*** Stored data ***

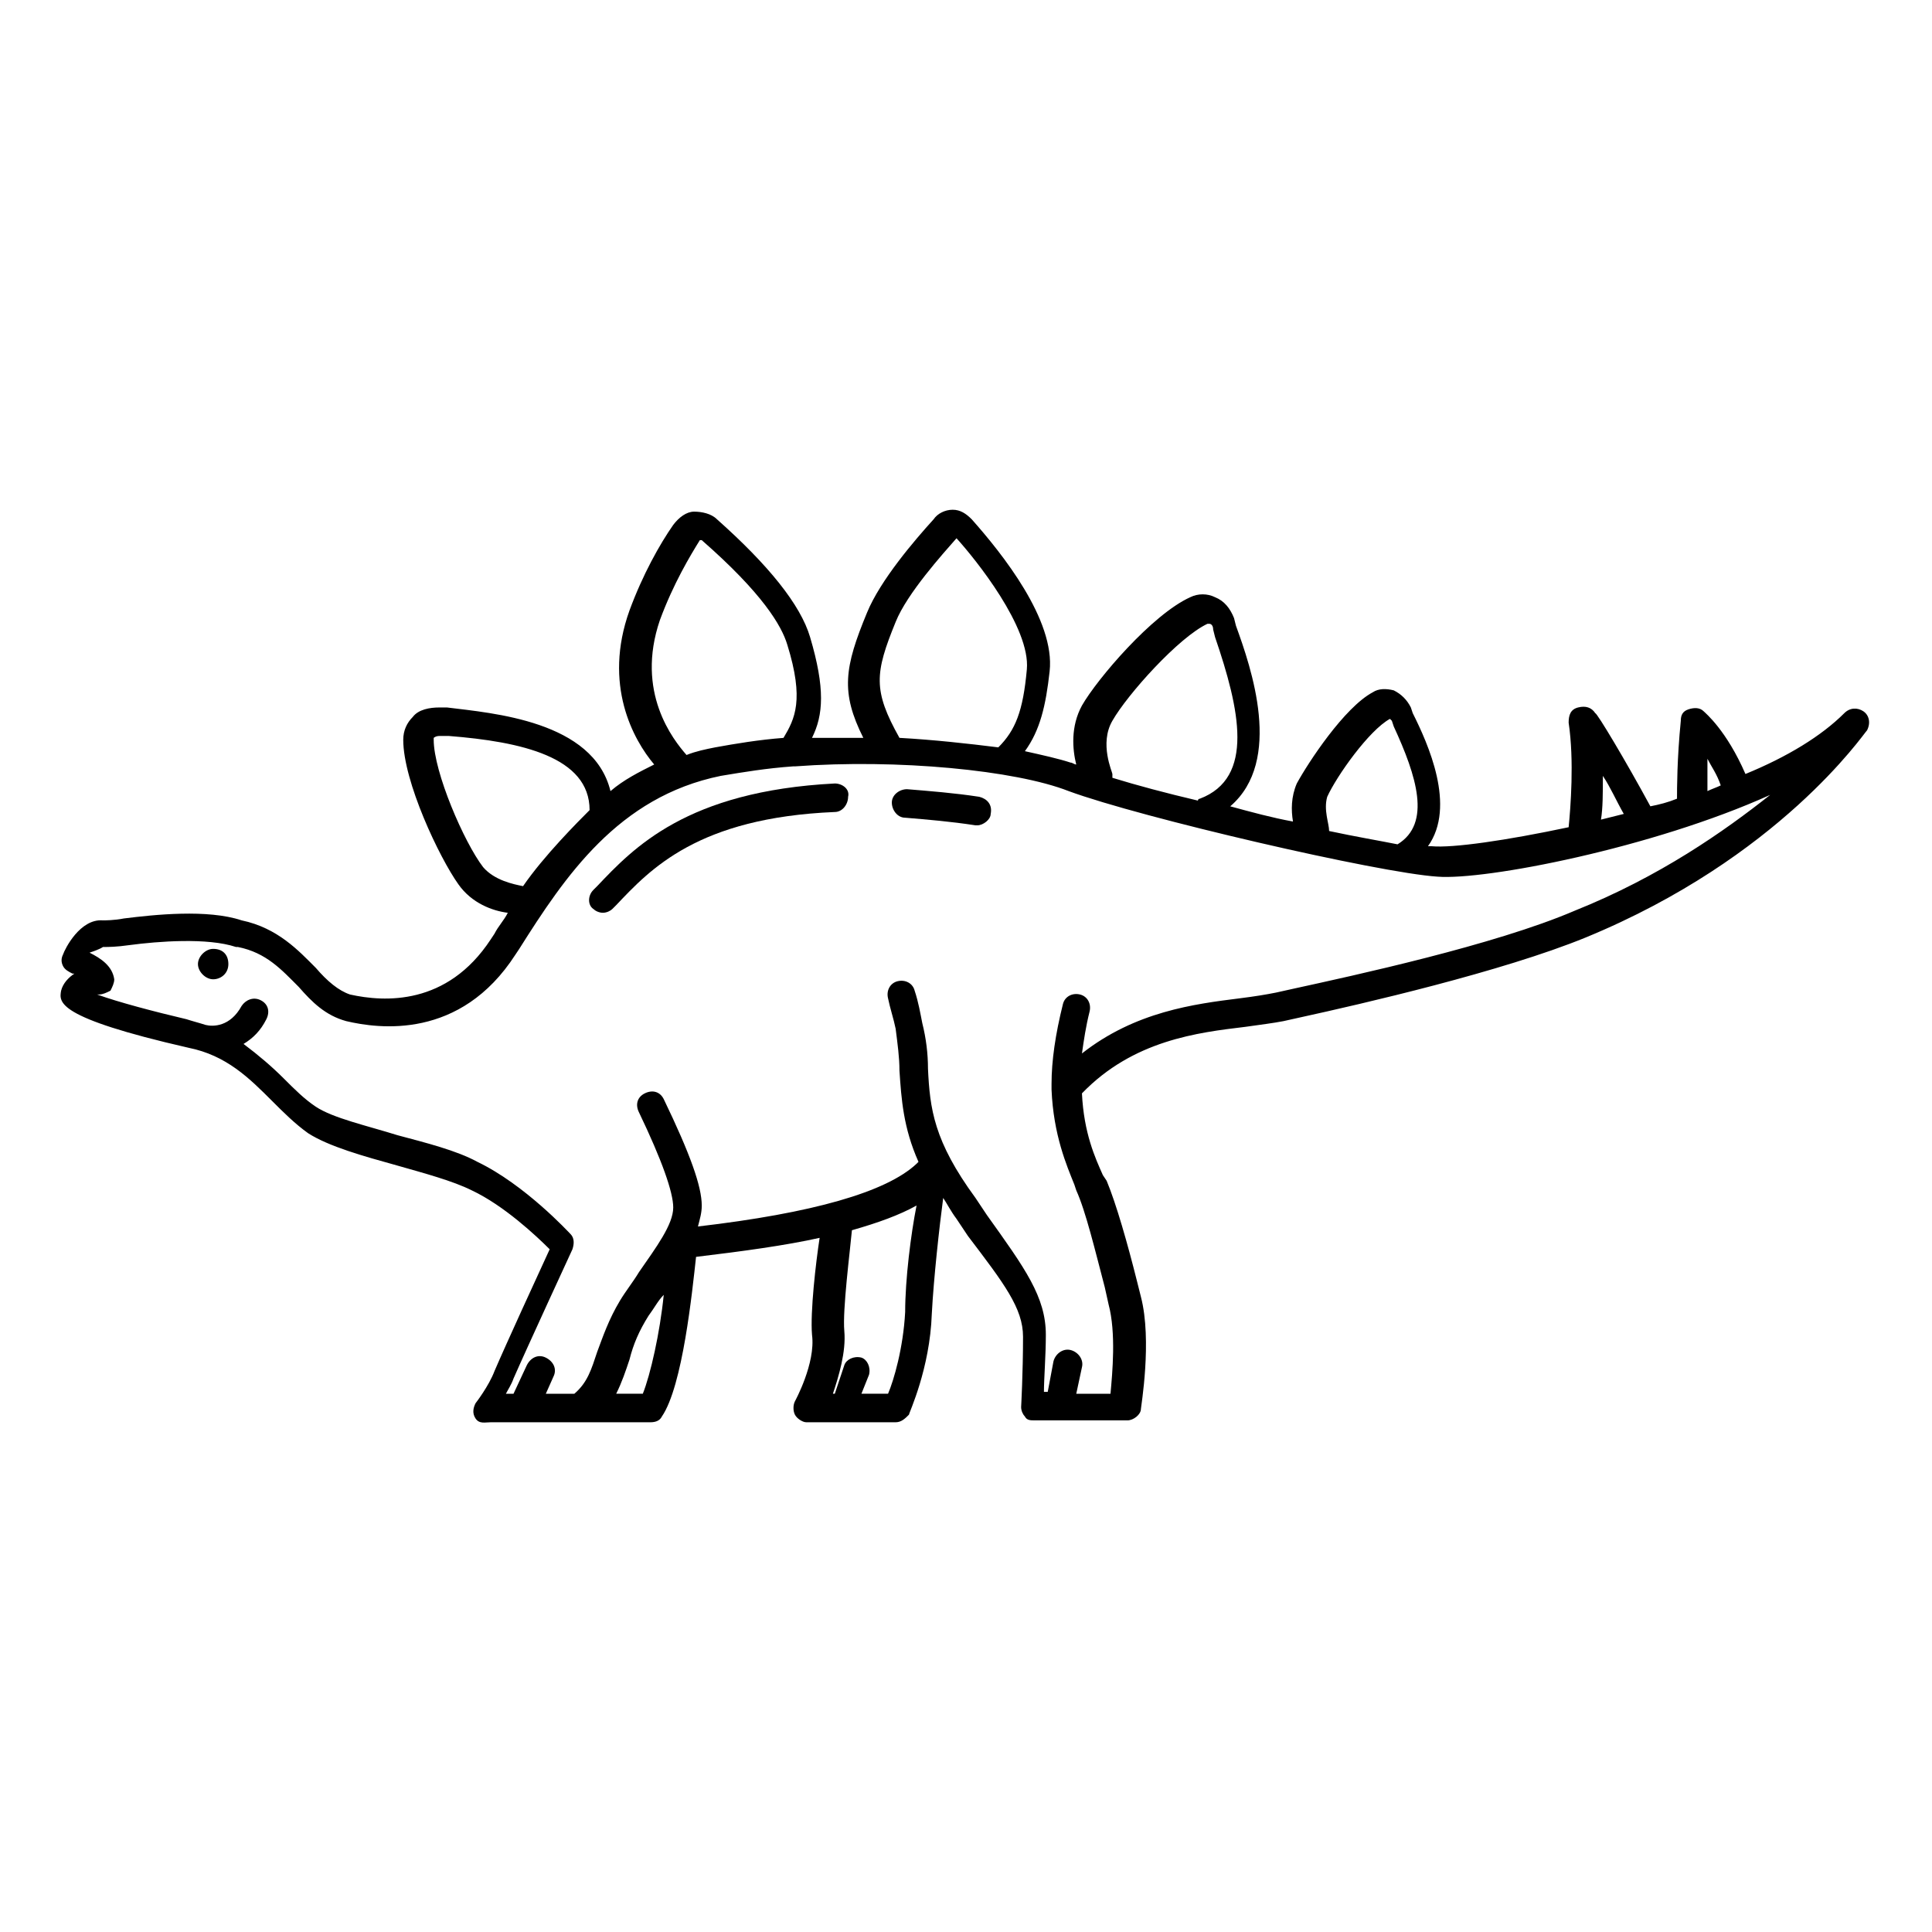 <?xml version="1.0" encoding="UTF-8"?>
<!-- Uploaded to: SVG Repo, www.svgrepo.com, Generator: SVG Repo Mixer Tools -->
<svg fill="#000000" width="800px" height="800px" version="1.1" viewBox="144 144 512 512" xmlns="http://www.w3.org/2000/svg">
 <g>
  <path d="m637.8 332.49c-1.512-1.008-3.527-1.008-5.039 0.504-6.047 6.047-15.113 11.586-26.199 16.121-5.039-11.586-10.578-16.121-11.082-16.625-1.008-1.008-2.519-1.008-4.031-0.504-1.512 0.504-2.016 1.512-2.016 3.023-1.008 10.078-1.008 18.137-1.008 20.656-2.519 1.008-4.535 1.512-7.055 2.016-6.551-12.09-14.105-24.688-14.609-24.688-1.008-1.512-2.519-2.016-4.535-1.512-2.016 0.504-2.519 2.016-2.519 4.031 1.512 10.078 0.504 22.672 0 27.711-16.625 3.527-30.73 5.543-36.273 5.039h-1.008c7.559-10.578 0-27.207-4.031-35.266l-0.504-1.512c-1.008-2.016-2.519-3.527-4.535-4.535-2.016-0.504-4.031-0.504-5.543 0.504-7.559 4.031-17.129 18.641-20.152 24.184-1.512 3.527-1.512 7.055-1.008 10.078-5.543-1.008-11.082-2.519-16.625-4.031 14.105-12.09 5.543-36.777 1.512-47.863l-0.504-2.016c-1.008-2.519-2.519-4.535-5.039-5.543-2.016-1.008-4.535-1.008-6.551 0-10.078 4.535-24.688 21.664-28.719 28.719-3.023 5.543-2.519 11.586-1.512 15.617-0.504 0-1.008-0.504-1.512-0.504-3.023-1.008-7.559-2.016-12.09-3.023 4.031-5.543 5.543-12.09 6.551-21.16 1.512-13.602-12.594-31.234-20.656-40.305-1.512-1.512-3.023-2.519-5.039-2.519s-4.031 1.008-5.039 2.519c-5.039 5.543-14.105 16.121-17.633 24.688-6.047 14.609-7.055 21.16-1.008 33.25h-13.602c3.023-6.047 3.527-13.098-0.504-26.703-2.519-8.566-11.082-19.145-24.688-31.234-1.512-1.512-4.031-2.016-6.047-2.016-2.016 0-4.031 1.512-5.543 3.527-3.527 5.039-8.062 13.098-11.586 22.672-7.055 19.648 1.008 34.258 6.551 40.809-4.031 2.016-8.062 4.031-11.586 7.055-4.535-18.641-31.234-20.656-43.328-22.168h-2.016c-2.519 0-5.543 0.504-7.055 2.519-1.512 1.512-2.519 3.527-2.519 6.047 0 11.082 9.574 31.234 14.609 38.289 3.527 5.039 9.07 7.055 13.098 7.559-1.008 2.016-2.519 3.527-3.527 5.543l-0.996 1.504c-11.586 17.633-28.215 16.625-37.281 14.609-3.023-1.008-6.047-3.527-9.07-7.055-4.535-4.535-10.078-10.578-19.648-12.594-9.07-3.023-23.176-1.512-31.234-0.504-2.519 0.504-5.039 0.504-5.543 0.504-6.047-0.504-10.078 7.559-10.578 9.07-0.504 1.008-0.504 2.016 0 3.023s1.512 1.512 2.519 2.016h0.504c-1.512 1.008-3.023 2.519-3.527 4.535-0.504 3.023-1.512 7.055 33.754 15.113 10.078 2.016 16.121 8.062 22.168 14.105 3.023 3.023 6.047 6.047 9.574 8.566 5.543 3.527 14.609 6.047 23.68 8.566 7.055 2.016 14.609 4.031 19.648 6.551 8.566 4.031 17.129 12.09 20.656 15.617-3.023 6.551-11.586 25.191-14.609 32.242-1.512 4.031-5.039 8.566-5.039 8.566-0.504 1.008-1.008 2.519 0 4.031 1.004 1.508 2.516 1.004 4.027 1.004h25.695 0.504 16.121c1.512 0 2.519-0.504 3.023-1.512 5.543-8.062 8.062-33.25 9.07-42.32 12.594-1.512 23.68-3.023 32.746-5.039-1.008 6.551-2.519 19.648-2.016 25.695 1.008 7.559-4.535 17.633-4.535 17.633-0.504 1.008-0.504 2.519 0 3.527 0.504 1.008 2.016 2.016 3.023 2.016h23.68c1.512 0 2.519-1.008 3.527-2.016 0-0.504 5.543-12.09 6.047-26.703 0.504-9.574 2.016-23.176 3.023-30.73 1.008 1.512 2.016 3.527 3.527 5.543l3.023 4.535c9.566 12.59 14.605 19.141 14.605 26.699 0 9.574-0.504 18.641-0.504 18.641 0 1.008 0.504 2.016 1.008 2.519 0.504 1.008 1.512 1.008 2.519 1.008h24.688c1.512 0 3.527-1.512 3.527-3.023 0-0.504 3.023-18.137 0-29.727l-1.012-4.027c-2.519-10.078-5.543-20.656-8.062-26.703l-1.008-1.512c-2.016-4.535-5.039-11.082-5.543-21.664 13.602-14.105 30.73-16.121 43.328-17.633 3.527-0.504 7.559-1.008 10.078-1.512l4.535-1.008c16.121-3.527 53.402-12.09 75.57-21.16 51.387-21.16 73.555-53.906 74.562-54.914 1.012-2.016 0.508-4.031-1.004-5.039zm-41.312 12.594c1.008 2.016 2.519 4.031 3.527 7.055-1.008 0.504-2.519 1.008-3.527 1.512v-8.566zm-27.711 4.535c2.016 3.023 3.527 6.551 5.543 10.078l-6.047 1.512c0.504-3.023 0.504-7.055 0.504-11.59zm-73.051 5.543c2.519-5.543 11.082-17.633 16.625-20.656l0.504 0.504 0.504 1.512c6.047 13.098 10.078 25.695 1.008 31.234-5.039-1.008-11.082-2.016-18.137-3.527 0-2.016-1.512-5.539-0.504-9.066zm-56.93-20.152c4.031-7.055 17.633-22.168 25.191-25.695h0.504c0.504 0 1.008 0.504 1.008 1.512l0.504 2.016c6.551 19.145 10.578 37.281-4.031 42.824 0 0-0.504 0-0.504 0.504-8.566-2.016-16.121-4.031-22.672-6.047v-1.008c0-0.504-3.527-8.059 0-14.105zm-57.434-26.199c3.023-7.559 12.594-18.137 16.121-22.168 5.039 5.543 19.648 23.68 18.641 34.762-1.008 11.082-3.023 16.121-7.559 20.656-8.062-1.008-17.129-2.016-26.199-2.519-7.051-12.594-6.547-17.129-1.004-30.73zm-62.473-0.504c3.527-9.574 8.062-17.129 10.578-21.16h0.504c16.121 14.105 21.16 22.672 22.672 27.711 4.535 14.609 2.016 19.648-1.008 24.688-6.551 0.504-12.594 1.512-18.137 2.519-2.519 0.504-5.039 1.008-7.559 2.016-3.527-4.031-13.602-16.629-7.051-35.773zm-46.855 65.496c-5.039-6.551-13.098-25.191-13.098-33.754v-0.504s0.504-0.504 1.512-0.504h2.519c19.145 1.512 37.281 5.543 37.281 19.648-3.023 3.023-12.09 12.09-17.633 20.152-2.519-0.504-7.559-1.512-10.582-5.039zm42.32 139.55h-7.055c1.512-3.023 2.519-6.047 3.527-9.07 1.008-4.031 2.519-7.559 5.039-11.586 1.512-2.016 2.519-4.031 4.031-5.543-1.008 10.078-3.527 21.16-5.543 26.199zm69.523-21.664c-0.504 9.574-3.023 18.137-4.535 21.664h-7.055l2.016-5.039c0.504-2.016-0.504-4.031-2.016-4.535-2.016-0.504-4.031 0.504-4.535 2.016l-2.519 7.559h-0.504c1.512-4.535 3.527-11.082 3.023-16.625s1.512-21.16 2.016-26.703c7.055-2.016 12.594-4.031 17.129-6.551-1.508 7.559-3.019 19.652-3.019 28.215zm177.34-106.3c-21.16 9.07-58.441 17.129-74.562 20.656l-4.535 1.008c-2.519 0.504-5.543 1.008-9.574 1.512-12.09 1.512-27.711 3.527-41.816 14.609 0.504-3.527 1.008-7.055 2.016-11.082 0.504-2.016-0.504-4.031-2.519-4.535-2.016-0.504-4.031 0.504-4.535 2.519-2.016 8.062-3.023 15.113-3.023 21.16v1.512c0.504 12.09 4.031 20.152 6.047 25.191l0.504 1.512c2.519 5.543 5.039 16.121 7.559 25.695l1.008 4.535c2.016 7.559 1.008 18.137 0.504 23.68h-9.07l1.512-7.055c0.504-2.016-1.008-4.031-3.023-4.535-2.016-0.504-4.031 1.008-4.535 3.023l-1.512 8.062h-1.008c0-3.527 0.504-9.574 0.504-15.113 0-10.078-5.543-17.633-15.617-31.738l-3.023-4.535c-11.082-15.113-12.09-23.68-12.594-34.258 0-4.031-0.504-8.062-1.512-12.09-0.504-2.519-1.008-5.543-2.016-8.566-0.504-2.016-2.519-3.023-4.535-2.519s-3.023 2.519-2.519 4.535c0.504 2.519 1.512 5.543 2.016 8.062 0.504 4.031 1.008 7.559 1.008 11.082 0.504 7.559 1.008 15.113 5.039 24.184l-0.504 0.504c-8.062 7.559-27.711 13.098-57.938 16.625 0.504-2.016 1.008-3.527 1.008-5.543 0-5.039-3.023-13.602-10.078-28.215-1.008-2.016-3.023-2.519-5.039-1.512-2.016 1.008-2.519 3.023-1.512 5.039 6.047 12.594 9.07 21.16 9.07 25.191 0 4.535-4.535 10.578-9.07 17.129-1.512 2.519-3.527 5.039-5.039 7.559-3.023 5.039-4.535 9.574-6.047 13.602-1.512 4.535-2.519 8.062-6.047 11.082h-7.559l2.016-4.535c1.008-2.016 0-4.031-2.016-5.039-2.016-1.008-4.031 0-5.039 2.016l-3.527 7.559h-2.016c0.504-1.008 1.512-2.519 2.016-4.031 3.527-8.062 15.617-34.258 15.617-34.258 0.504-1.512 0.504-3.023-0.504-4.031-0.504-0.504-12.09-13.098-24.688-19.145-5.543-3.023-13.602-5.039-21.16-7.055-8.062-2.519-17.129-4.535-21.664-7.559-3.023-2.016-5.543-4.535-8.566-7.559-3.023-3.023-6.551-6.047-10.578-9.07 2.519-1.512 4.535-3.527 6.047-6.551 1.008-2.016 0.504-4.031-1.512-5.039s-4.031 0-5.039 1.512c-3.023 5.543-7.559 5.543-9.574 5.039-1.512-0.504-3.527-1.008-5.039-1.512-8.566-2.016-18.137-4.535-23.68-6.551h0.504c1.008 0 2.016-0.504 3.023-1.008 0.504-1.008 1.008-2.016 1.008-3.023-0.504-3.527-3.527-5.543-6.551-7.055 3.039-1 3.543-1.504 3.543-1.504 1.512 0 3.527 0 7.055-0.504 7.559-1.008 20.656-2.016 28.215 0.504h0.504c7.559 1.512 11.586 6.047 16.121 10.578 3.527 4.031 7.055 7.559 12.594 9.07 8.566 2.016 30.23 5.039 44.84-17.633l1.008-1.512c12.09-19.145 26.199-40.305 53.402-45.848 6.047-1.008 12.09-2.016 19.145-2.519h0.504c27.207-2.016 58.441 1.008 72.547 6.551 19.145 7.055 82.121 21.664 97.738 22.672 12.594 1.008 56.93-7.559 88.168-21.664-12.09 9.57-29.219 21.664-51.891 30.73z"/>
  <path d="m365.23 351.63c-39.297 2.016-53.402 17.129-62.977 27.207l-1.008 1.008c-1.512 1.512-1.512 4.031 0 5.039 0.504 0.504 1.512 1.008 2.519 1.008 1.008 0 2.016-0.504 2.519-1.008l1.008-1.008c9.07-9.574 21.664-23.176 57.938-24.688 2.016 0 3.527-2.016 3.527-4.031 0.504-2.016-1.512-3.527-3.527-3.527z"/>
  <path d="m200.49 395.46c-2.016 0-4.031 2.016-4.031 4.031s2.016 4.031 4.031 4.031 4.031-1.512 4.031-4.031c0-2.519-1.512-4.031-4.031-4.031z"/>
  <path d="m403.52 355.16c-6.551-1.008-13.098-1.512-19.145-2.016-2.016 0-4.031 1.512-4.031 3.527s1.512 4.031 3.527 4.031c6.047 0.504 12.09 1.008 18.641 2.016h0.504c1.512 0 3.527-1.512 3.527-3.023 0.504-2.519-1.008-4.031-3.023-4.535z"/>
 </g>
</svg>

***

Exercise details
Retype the lines above without alteration. The first is the one containing "395.46c-2.016 0-4.031 2.016-4.031", and the last is the final line of the data.

Task solution
  <path d="m200.49 395.46c-2.016 0-4.031 2.016-4.031 4.031s2.016 4.031 4.031 4.031 4.031-1.512 4.031-4.031c0-2.519-1.512-4.031-4.031-4.031z"/>
  <path d="m403.52 355.16c-6.551-1.008-13.098-1.512-19.145-2.016-2.016 0-4.031 1.512-4.031 3.527s1.512 4.031 3.527 4.031c6.047 0.504 12.09 1.008 18.641 2.016h0.504c1.512 0 3.527-1.512 3.527-3.023 0.504-2.519-1.008-4.031-3.023-4.535z"/>
 </g>
</svg>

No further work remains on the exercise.